This query returns data from multiple levels along the store dimension and accepts a parameter for the time dimension. If you examine the dataset returned by the query, you'll see that the dataset contains records at multiple aggregate levels, and that each level is represented as a field in the dataset. Since each record in the dataset consists of each field, if the field doesn't apply to that record, the field will contain a NULL value. For example, you can identify country level data by noticing that the state, city, and store fields are all left blank. This characteristic of the dataset is what you can use in the definition of the groups to filter out the appropriate rows for each group.

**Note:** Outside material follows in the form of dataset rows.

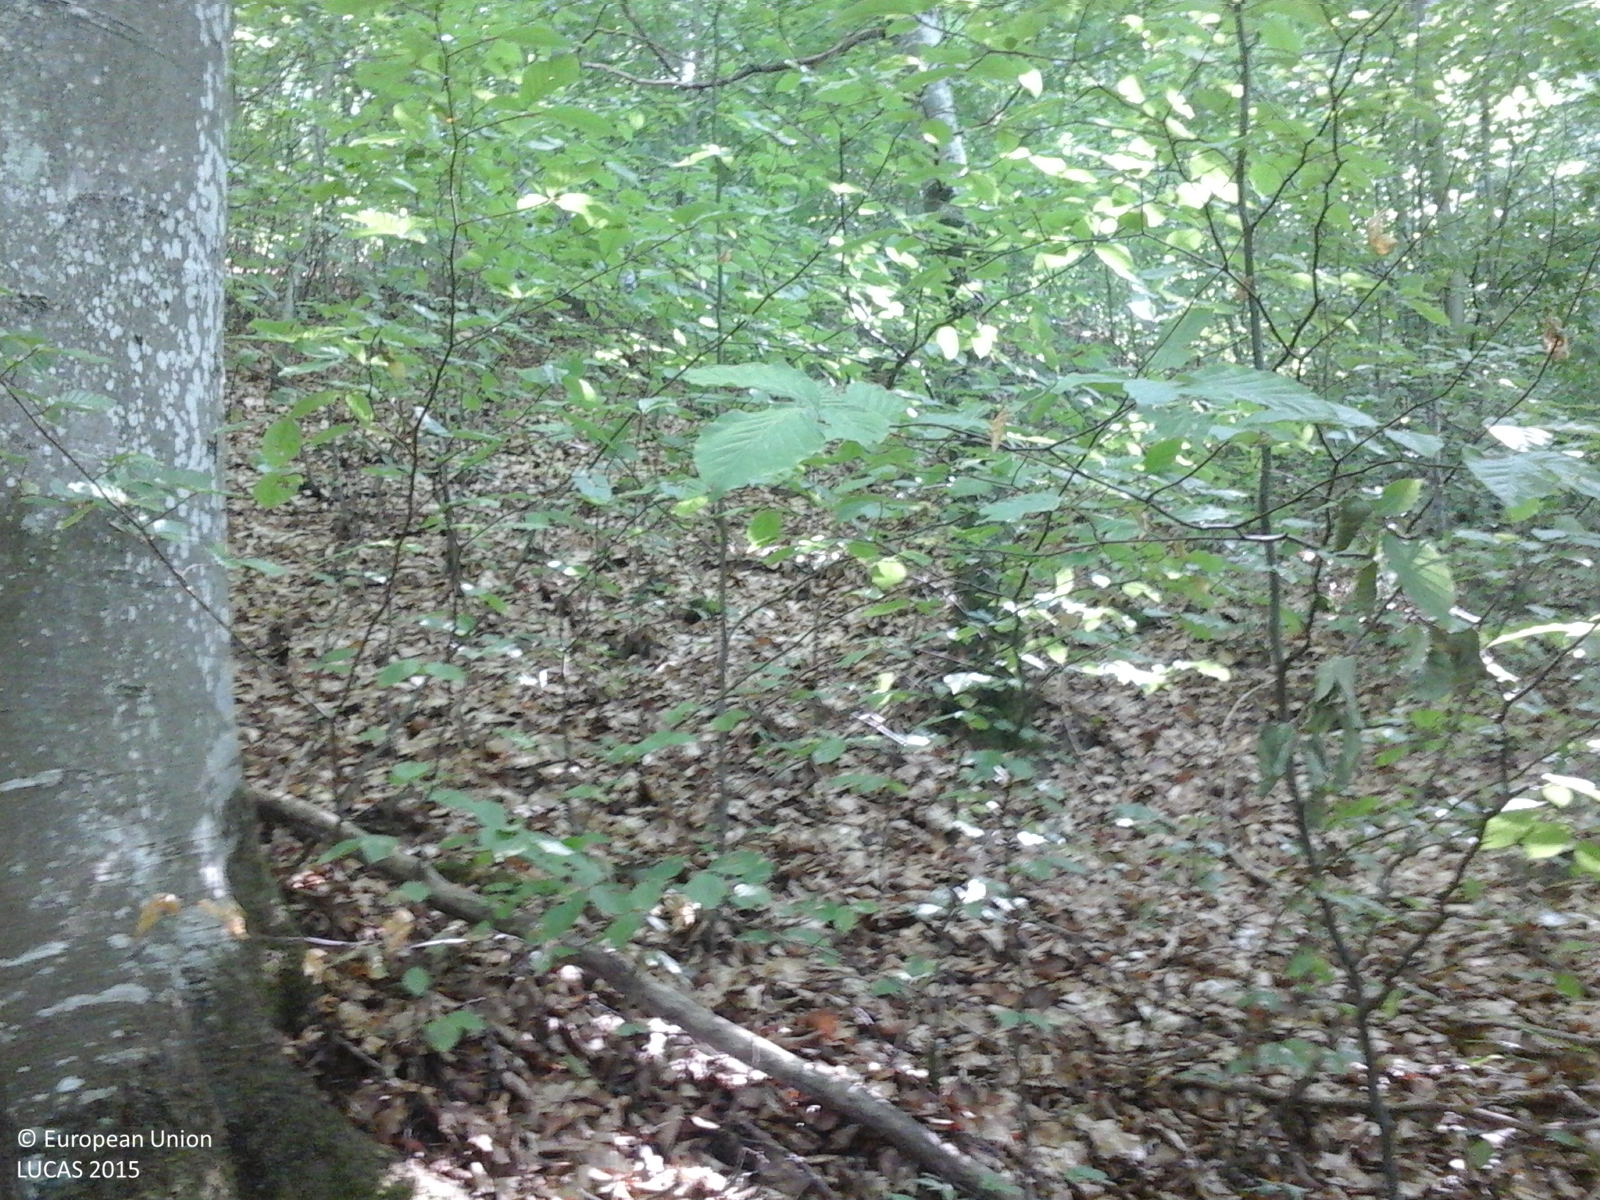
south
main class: Woodland
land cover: Broadleaved woodland
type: beech forest
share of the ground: > 75 %
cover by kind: broadleaved forest trees 100 %
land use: Forestry
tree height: > 5 m
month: September
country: RO
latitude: 47.8201
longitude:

The next step uses the grouping capability of Reporting Services' tables, and filters the rows for each drill-down so that the Report Server only ends up grouping a single record. In order to enable the drill-down capability, add a table to the report and insert three groups in the table. These three groups correspond to the Country, State and City levels. The details section of the report is devoted to individual store records.

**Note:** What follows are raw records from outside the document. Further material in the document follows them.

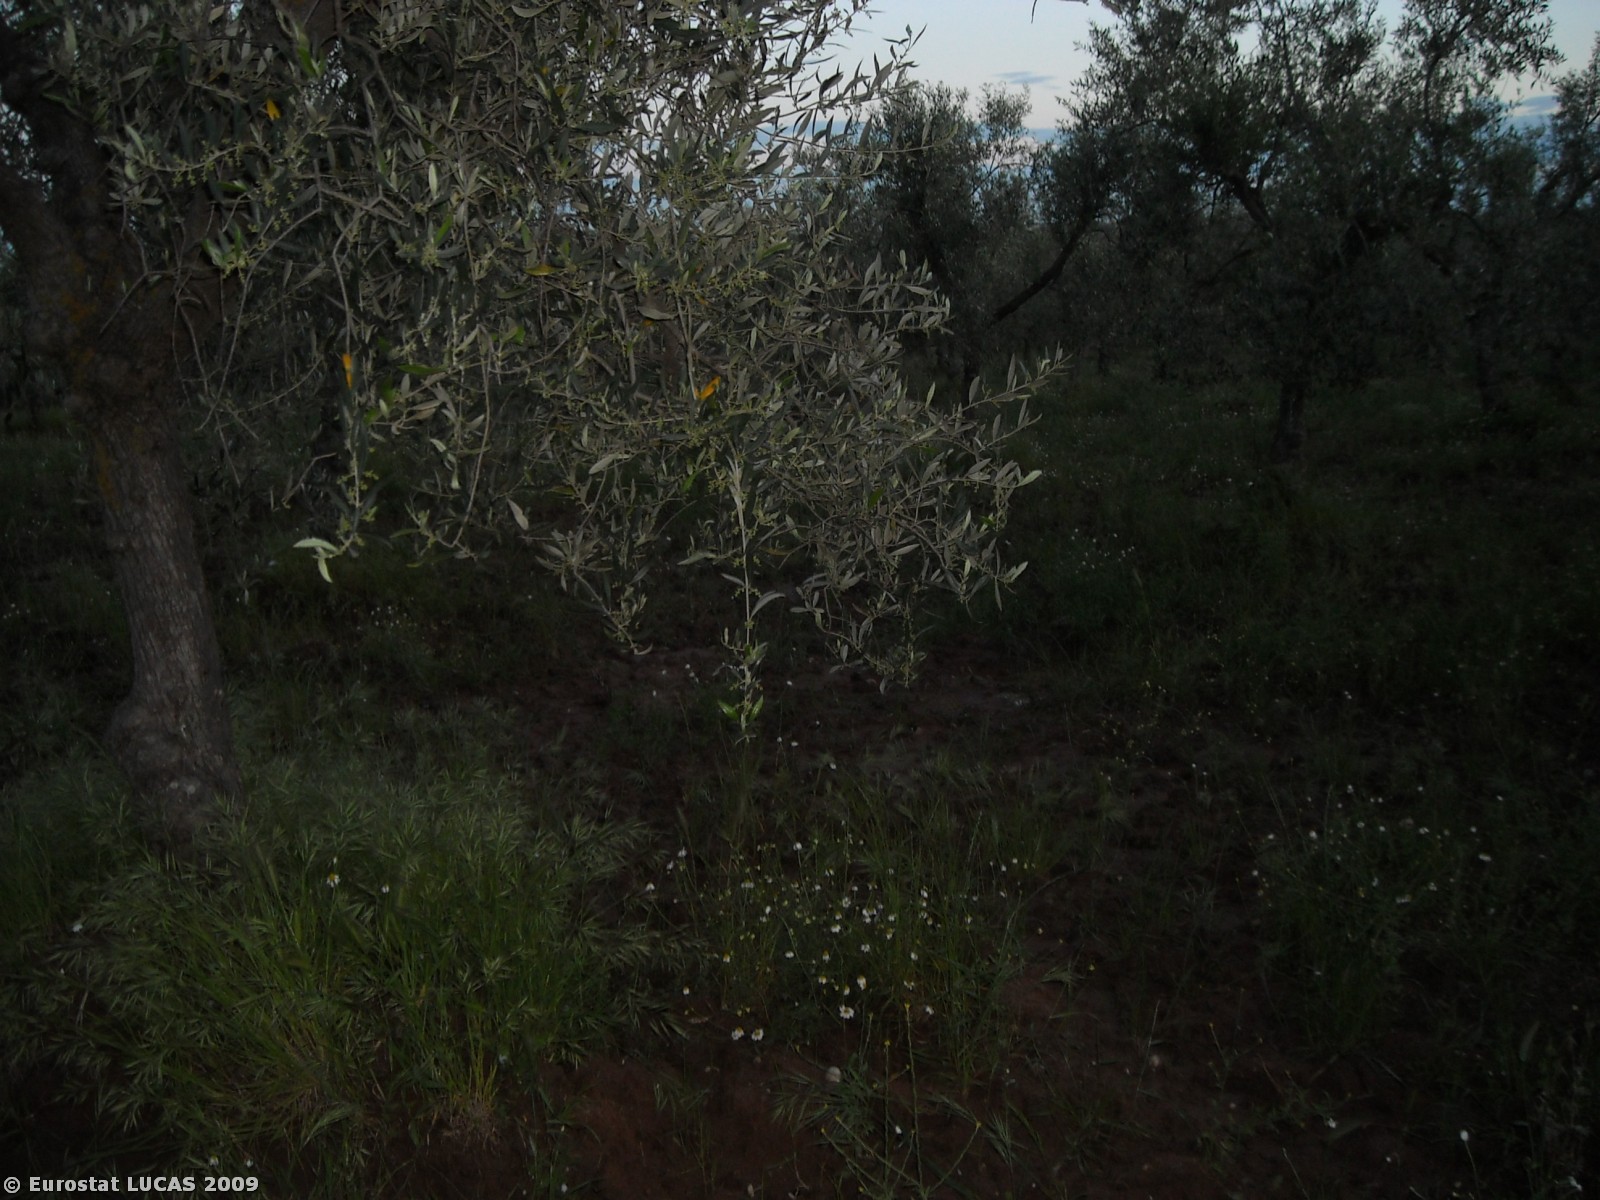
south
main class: Cropland
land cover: Olive groves
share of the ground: 25 - 50 %
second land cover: Spontaneously vegetated surfaces
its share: > 75 %
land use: Agriculture (excluding fallow land and kitchen gardens)
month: April
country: IT
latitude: 40.5501
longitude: 16.9077

Once the groups are created, set the appropriate grouping expression based on the level of the data. The grouping expression for the country data would look like the following.

Aa902647.olapasandrs_05(en-us,SQL.80).gif

Next, use the filtering capabilities to limit the records included in the group. For example, on the country level group, the filtering options are set as follows.

Aa902647.olapasandrs_06(en-us,SQL.80).gif

By setting the filtering options in this manner, the only records left to be included in the group are the records in the dataset that correspond to the country level data, and there is only a single record for each country included in the dataset. Applying the LEN() VBA function to each field and using the AND condition for applying the filters allows you to filter out all of the records that don't belong to the particular level that the group represents. All of the other records in the dataset, the ones that correspond to city, state, and store level information, are filtered out. The net effect of grouping on the country level and filtering out all of the non-country level data is that the country level records in the dataset are returned in the report. To see this report in its entirety, see the MDXDrillDownManyLevels.rdl report included in the download.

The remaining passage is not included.